- _Task item_
Exact copies of all the lines below are required, with the pictures omitted.

[Start of section]

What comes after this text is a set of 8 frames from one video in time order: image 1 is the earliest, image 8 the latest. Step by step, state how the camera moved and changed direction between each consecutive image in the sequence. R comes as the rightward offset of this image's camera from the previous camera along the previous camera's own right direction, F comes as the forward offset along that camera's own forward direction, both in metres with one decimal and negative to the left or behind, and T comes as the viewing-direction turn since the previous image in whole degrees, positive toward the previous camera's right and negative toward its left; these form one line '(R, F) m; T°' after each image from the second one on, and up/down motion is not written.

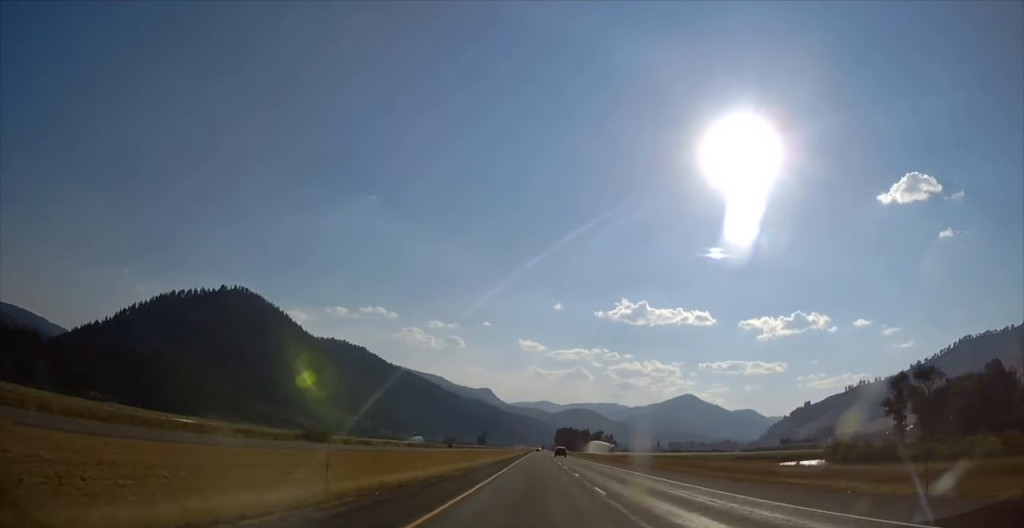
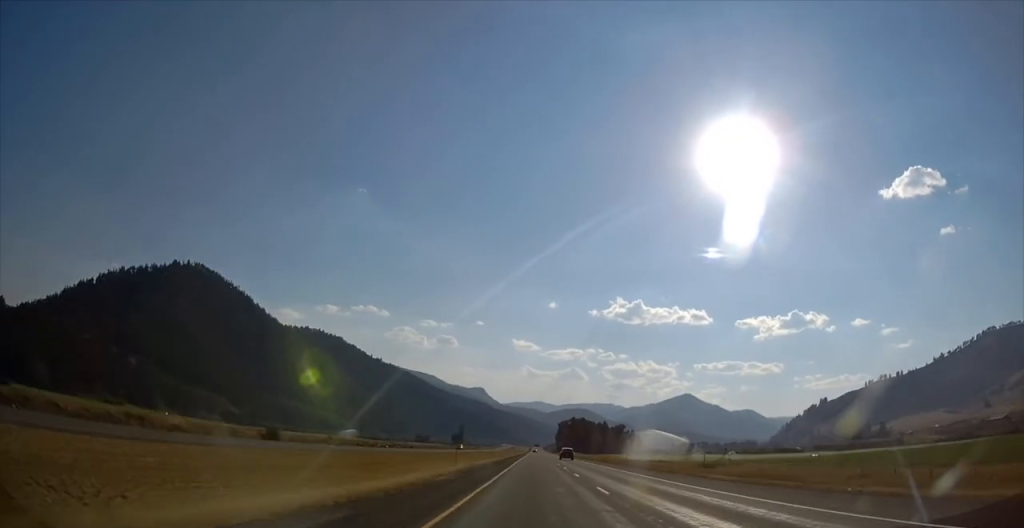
(-8.7, +222.7) m; -2°
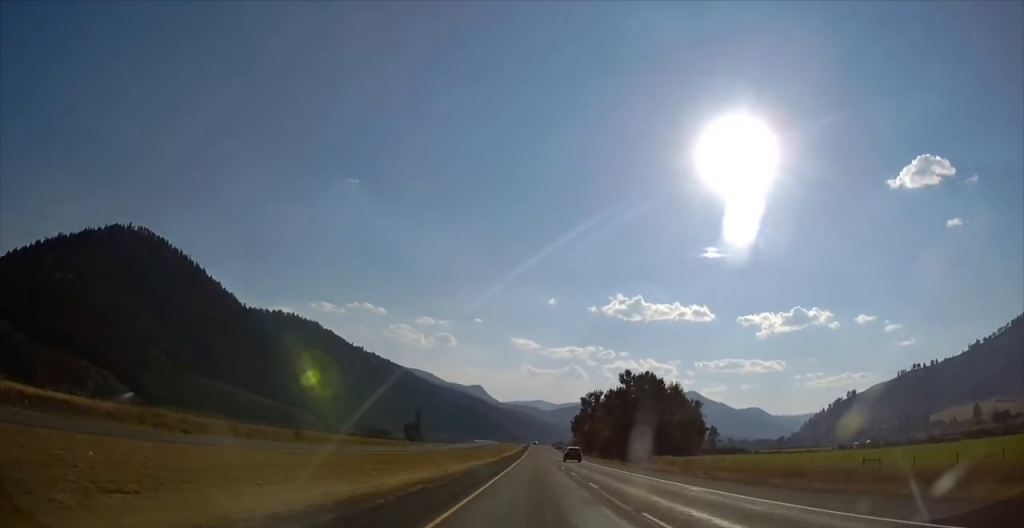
(+0.4, +238.8) m; 0°
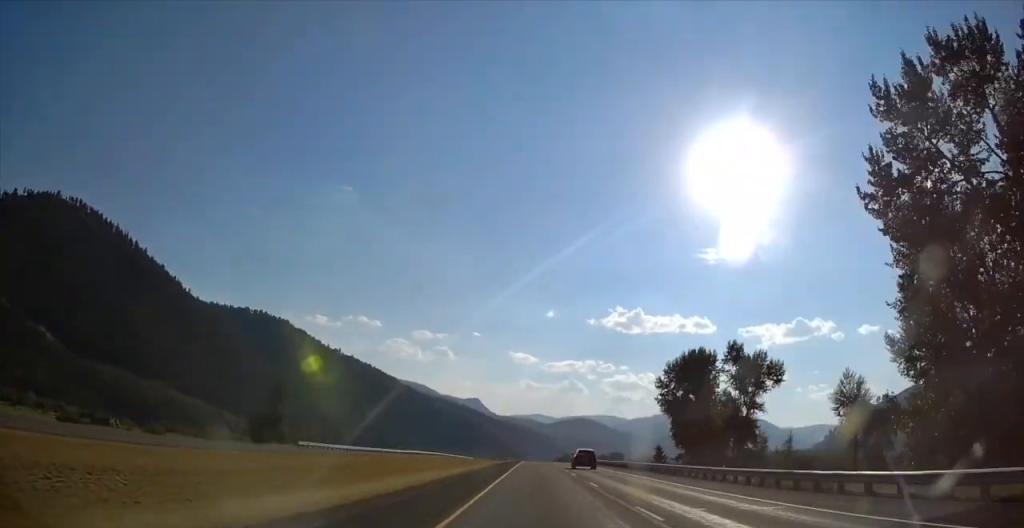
(+0.4, +232.4) m; +3°
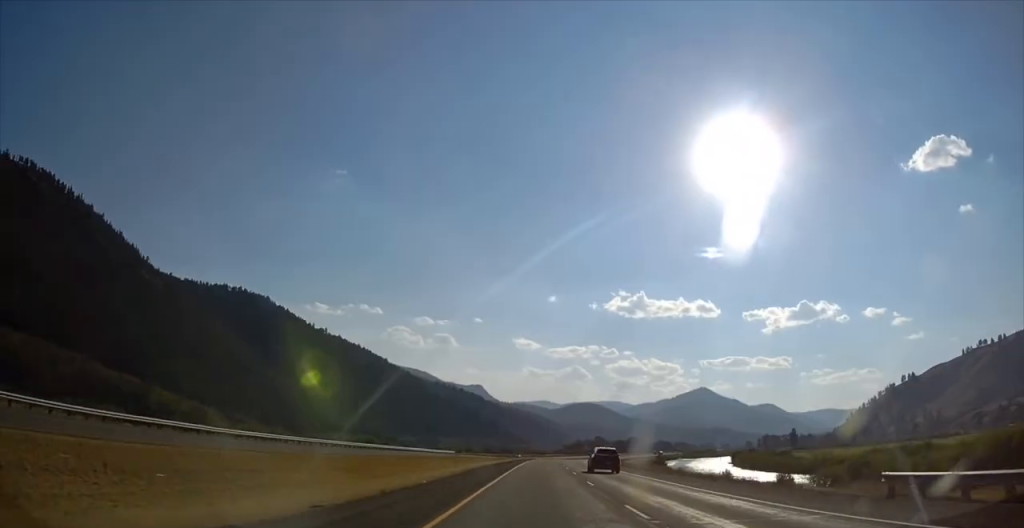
(-3.3, +148.1) m; +2°
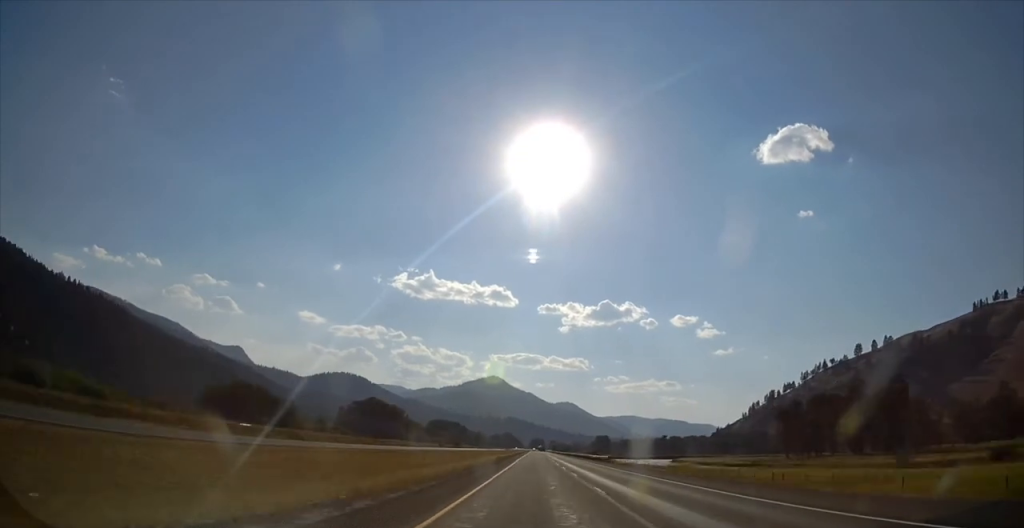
(+165.3, +943.1) m; +13°
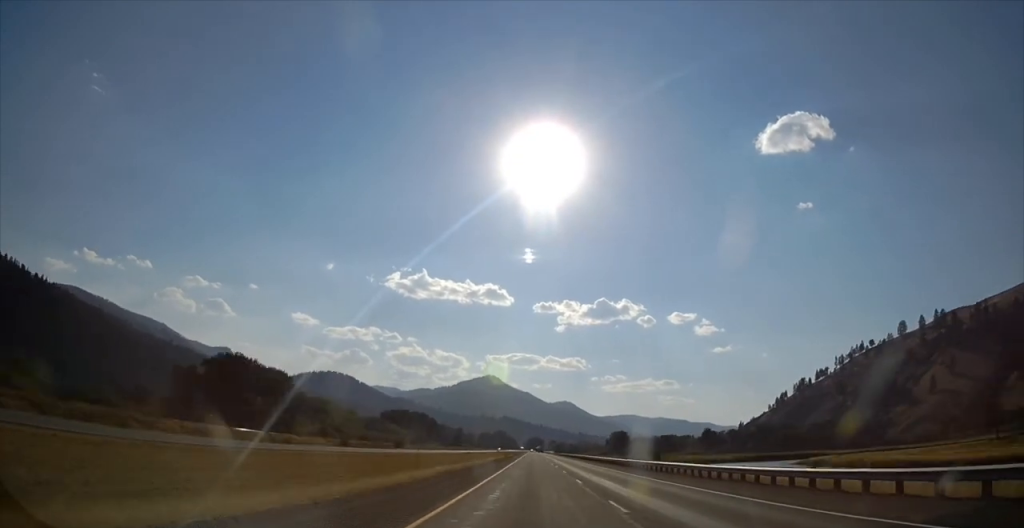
(+0.4, +178.6) m; 0°
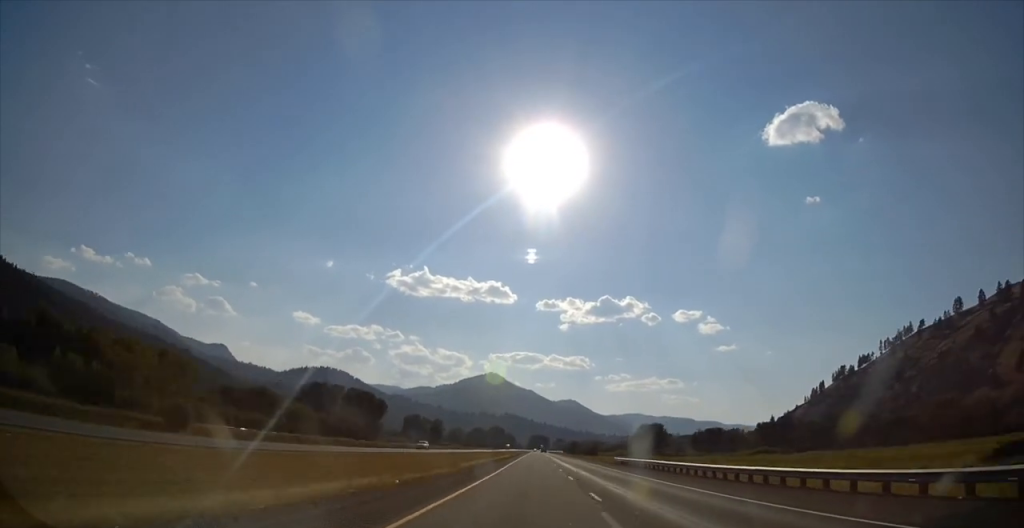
(+0.1, +158.0) m; 0°

[End of section]

- _Result of the task_
What comes after this text is a set of 8 frames from one video in time order: image 1 is the earliest, image 8 the latest. Step by step, state how the camera moved and changed direction between each consecutive image in the sequence. R comes as the rightward offset of this image's camera from the previous camera along the previous camera's own right direction, F comes as the forward offset along that camera's own forward direction, both in metres with one decimal and negative to the left or behind, and T comes as the viewing-direction turn since the previous image in whole degrees, positive toward the previous camera's right and negative toward its left; these form one line '(R, F) m; T°' after each image from the second one on, and up/down motion is not written.

(-8.7, +222.7) m; -2°
(+0.4, +238.8) m; 0°
(+0.4, +232.4) m; +3°
(-3.3, +148.1) m; +2°
(+165.3, +943.1) m; +13°
(+0.4, +178.6) m; 0°
(+0.1, +158.0) m; 0°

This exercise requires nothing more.